** The data follows **

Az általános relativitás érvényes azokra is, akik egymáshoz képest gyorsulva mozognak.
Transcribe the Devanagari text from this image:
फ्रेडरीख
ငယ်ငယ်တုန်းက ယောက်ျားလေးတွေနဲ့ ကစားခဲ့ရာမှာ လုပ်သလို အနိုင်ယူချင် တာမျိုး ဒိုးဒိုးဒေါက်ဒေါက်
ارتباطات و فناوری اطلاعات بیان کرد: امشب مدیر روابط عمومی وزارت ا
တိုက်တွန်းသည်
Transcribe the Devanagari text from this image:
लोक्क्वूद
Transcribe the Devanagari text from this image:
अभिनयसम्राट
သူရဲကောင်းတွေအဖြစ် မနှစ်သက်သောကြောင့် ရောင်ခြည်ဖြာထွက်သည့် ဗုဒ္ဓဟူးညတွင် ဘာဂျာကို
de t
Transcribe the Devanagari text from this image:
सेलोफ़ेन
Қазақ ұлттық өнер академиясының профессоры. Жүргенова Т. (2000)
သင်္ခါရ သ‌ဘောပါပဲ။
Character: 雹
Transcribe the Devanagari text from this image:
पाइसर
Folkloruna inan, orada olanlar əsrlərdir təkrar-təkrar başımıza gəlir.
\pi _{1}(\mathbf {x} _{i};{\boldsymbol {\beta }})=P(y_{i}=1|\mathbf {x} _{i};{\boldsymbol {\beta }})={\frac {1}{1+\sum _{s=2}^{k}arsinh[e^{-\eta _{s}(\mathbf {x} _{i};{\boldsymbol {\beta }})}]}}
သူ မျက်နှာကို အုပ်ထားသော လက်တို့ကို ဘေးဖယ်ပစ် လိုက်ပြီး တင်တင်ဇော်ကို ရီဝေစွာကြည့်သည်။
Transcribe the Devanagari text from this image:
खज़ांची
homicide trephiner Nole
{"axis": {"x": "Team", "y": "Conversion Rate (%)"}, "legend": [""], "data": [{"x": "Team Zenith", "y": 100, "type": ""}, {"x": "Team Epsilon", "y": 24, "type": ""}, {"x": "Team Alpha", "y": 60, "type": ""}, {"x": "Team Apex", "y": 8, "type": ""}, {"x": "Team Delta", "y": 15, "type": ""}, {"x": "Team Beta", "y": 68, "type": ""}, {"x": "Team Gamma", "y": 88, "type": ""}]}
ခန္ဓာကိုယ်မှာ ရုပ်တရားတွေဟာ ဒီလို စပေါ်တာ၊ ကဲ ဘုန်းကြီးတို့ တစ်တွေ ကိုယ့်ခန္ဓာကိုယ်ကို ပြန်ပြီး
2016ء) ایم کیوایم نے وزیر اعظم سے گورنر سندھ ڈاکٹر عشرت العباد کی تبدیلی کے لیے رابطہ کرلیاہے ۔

** End of The data **

Task description
Please output the line that contains "Character: 雹" and every line after it in the entries above, exactly, and nothing more.

Response area
Character: 雹
Transcribe the Devanagari text from this image:
पाइसर
Folkloruna inan, orada olanlar əsrlərdir təkrar-təkrar başımıza gəlir.
\pi _{1}(\mathbf {x} _{i};{\boldsymbol {\beta }})=P(y_{i}=1|\mathbf {x} _{i};{\boldsymbol {\beta }})={\frac {1}{1+\sum _{s=2}^{k}arsinh[e^{-\eta _{s}(\mathbf {x} _{i};{\boldsymbol {\beta }})}]}}
သူ မျက်နှာကို အုပ်ထားသော လက်တို့ကို ဘေးဖယ်ပစ် လိုက်ပြီး တင်တင်ဇော်ကို ရီဝေစွာကြည့်သည်။
Transcribe the Devanagari text from this image:
खज़ांची
homicide trephiner Nole
{"axis": {"x": "Team", "y": "Conversion Rate (%)"}, "legend": [""], "data": [{"x": "Team Zenith", "y": 100, "type": ""}, {"x": "Team Epsilon", "y": 24, "type": ""}, {"x": "Team Alpha", "y": 60, "type": ""}, {"x": "Team Apex", "y": 8, "type": ""}, {"x": "Team Delta", "y": 15, "type": ""}, {"x": "Team Beta", "y": 68, "type": ""}, {"x": "Team Gamma", "y": 88, "type": ""}]}
ခန္ဓာကိုယ်မှာ ရုပ်တရားတွေဟာ ဒီလို စပေါ်တာ၊ ကဲ ဘုန်းကြီးတို့ တစ်တွေ ကိုယ့်ခန္ဓာကိုယ်ကို ပြန်ပြီး
2016ء) ایم کیوایم نے وزیر اعظم سے گورنر سندھ ڈاکٹر عشرت العباد کی تبدیلی کے لیے رابطہ کرلیاہے ۔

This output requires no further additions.